Recklinghausen (ots) – Am Donnerstag (22.06.) hat das Polizeipräsidium Recklinghausen in einem großangelegten Polizeieinsatz die Bewohner eines Hochhauses an der Steinstraße in Gladbeck kontrolliert.

Während der Maßnahme, die in den frühen Morgenstunden begann, war der Bereich um das Hochhaus weiträumig abgesperrt. Beamte der Einsatzhundertschaft und der Diensthundeführerstaffel waren hierfür im Einsatz.

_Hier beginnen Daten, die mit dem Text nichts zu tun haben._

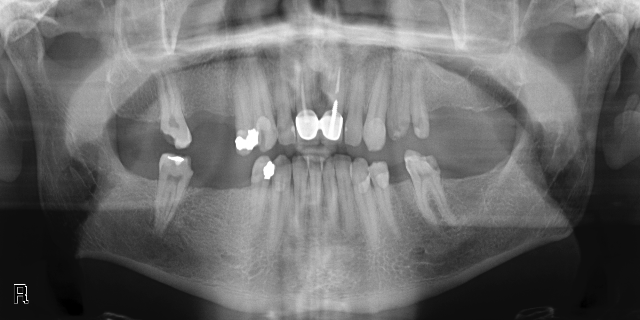
adult
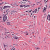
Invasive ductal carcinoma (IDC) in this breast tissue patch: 1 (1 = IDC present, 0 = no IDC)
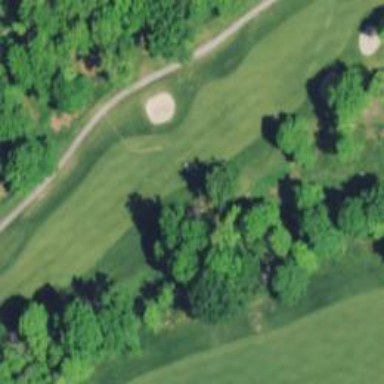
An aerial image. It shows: Golf hole.
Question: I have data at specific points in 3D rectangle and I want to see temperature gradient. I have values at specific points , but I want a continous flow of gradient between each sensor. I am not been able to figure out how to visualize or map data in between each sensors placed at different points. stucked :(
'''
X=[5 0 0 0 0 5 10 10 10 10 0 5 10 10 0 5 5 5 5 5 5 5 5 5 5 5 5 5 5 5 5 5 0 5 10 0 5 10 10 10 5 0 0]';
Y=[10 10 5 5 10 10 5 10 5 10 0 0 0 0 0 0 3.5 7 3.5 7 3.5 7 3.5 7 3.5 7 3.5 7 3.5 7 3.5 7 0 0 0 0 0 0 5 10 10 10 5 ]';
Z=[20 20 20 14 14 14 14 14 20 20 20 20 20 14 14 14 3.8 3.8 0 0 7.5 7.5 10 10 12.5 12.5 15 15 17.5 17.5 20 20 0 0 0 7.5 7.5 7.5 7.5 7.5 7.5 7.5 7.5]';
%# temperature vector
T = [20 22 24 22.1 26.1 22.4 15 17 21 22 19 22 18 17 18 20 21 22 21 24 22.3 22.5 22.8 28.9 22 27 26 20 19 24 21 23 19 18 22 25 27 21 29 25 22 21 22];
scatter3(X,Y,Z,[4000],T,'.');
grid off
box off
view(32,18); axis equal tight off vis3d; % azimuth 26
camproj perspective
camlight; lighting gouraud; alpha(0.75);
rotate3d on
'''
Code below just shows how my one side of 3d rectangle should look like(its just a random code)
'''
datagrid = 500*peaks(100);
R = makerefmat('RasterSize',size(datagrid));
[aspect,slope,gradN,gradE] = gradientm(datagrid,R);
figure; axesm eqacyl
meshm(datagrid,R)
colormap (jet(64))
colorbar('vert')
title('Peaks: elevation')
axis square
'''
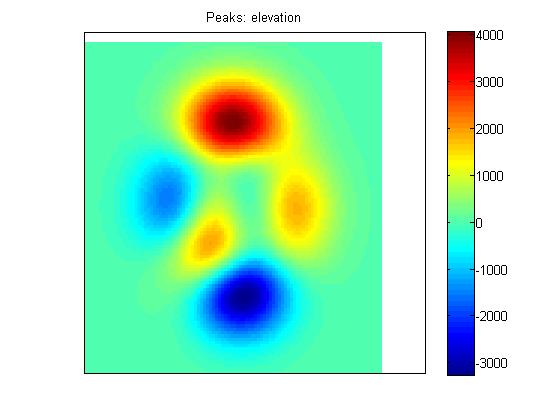
Answer: You can break the problem down into two sub-problems:
- -
Let's take a look at interpolation first. There are many methods available but let's try the MATLAB function 'griddatan'. This will interpolate (linearly) values onto a new set of points (here I've used a regular grid constructed using 'meshgrid').
'''
M = 20;
N = 20;
L = 40;
T = transpose(T);
% Set up the grid of points we wish to interpolate at
[xi,yi,zi] = meshgrid(linspace(0,10,M),linspace(0,10,N),linspace(0,20,L));
% Perform interpolation
ti = griddatan([X,Y,Z],T,[xi(:),yi(:),zi(:)]);
% Reshape back from a column vector to a MxNxL matrix
ti = reshape(ti, size(xi));
% Visualise in some way
scatter3(xi(:),yi(:),zi(:),400,ti(:),'.')
'''
When it comes to visualization then the sky's the limit and 3D volume visualization is more of an art than a science. I'm afraid I can't run your example (I don't have access to 'makerefmat') but <URL> has some good starting points.

Ziel der Maßnahme war die Feststellung der Identität der Bewohner, welche sich in den etwa 120 Wohneinheiten aufhalten.

Hintergrund der Polizeiaktion ist, dass eine Vielzahl von ermittelten Tatverdächtigen die Steinstraße als Wohnanschrift angegeben haben. Dies steht teilweise im Widerspruch zu den tatsächlich dort gemeldeten Personen.

Aufgefallen sind Tatverdächtige schwerpunktmäßig bei Eigentumsdelikten wie z.B. Ladendiebstählen. Die Taten wurden sowohl regional als auch überregional begannen. Diese Personen standen im Fokus der heutigen Maßnahme, nicht bei allen Bewohnern handelt es sich um Straftäter.

Die Maßnahmen wurden mit Unterstützung der Stadt Gladbeck durchgeführt und endeten gegen 09:00 Uhr.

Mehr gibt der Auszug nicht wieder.